Toward Nonlocal Electrodynamics of Accelerated Systems

TL;DR

This paper explores nonlocal electrodynamics in accelerated systems, proposing an extended theory with quadratic terms in the acceleration tensor to preserve parity, and discusses its physical implications.

Contribution

It introduces an extended nonlocal electrodynamics framework including quadratic acceleration terms to maintain parity conservation.

Findings

Quadratic terms in the acceleration tensor can preserve parity in nonlocal electrodynamics.

The extended kernel depends on the acceleration tensor and vanishes without acceleration.

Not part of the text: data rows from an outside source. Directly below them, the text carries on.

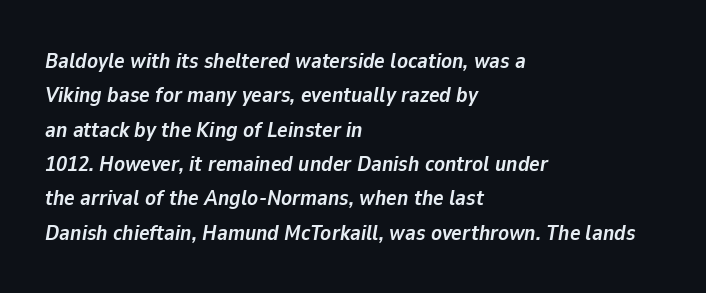
Q: Is the text bold? A: Yes.
Q: Is the text italic (slanted)? A: Yes, it leans right by about 9 degrees.
Q: Is the text underlined? A: No.
Q: How is the paragraph aligned? A: Left-aligned.
Q: Is the spacing between letters normal or unusually wide? A: Normal.
Q: Is the spacing between lines tight, normal or loose? A: Normal.
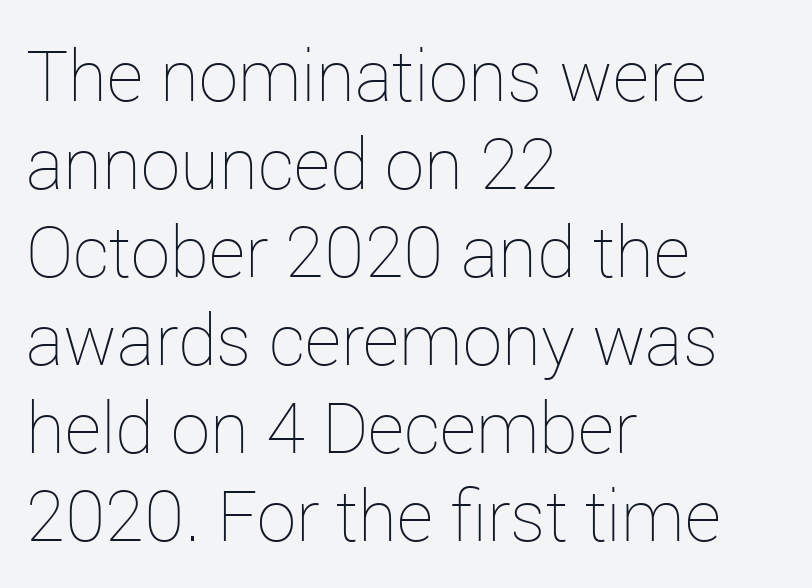
Q: Is the text bold? A: No.
Q: Is the text italic (slanted)? A: No, it is upright.
Q: Is the text underlined? A: No.
Q: How is the paragraph aligned? A: Left-aligned.
Q: Is the spacing between letters normal or unusually wide? A: Normal.
Q: Width (condensed, normal, or wide)? A: Normal.
Q: Stroke contrast? A: Low.
Q: x-height? A: Medium.
Q: Monospaced? A: No.
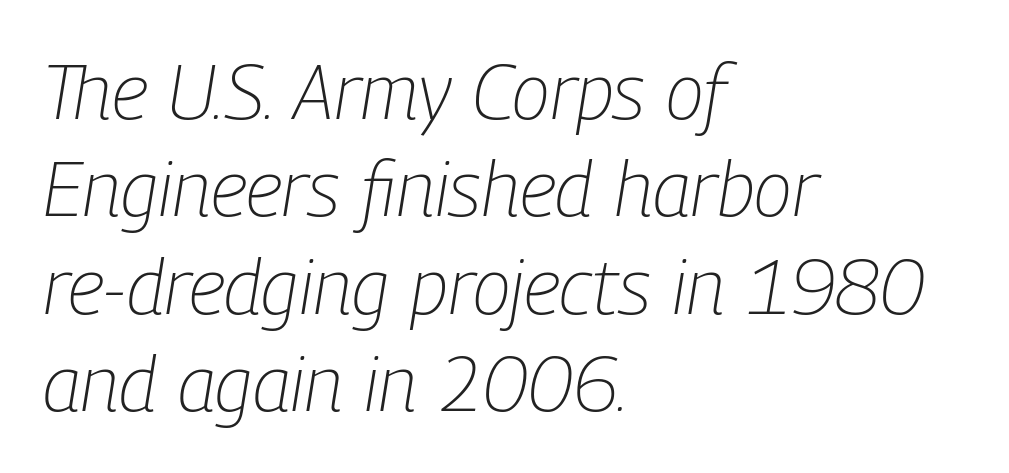
{"italic": "yes", "lean": "right", "slant_degrees": 9, "bold": "no", "weight": "light", "width": "condensed", "stroke_contrast": "low", "x_height": "medium", "monospaced": "no", "underline": "no", "align": "left", "line_spacing": "normal", "line_spacing_ratio": 1.25, "letter_spacing": "normal", "letter_spacing_em": 0.0, "glyph_px": 78}
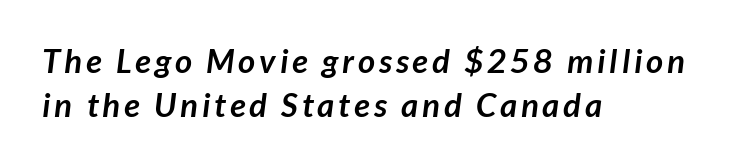
Q: Is the text bold? A: Yes.
Q: Is the typeface a serif or a sans-serif typeface? A: Sans-serif.
Q: Is the text underlined? A: No.
Q: How is the paragraph aligned? A: Left-aligned.
Q: Is the spacing between lines tight, normal or loose? A: Normal.
Q: Width (condensed, normal, or wide)? A: Normal.
Q: Stroke contrast? A: Low.
Q: x-height? A: Medium.
Q: Monospaced? A: No.
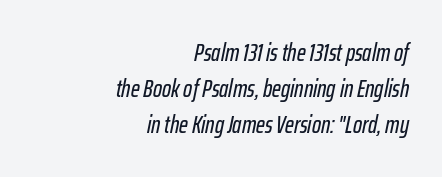
{"italic": "yes", "lean": "right", "slant_degrees": 12, "underline": "no", "align": "right", "line_spacing": "normal", "line_spacing_ratio": 1.5, "letter_spacing": "normal", "letter_spacing_em": 0.0, "glyph_px": 24}
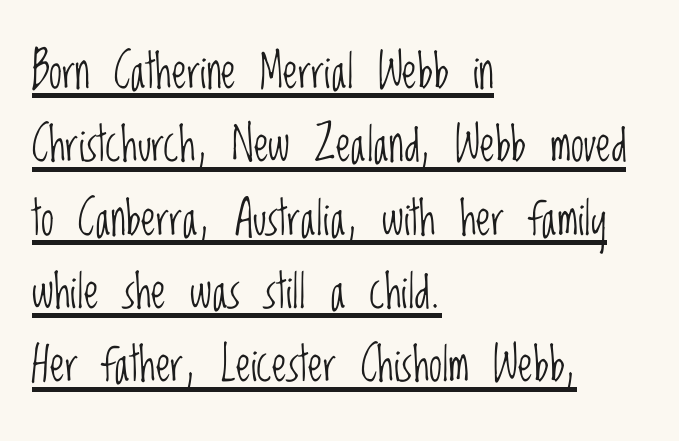
Q: Is the text bold? A: No.
Q: Is the text italic (slanted)? A: No, it is upright.
Q: Is the typeface a serif or a sans-serif typeface? A: Sans-serif.
Q: Is the text underlined? A: Yes.
Q: How is the paragraph aligned? A: Left-aligned.
Q: Is the spacing between letters normal or unusually wide? A: Normal.
Q: Is the spacing between lines tight, normal or loose? A: Normal.
Q: Width (condensed, normal, or wide)? A: Condensed.
Q: Stroke contrast? A: Low.
Q: x-height? A: Large.
Q: Monospaced? A: No.
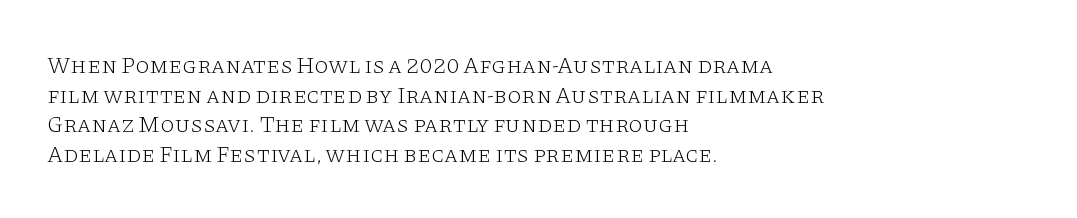
The lines sit at an ordinary, default distance from one another. The rag falls on the right side of this text block. The characters are drawn with everyday or finer stroke widths. Descender tails drop into unmarked territory.
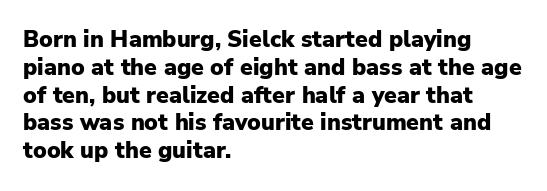
Short and long lines alike share a common starting point at left. Unlike italic type, these characters show no tilt at all. The passage shown is emphatically bold. The face used here is rendered with its standard letterfit. The space beneath each line is pristine and unruled.

Physical implications of the quadratic kernel are briefly discussed.

Abstract

We revisit acceleration-induced nonlocal electrodynamics and the phenomenon of photon spin-rotation coupling. The kernel of the theory for the electromagnetic field tensor involves parity violation under the assumption of linearity of the field kernel in the acceleration tensor. However, we show that parity conservation can be maintained by extending the field kernel to include quadratic terms in the acceleration tensor. The field kernel must vanish in the absence of acceleration; otherwise, a general dependence of the kernel on the acceleration tensor cannot be theoretically excluded. The physical implications of the quadratic kernel are briefly discussed.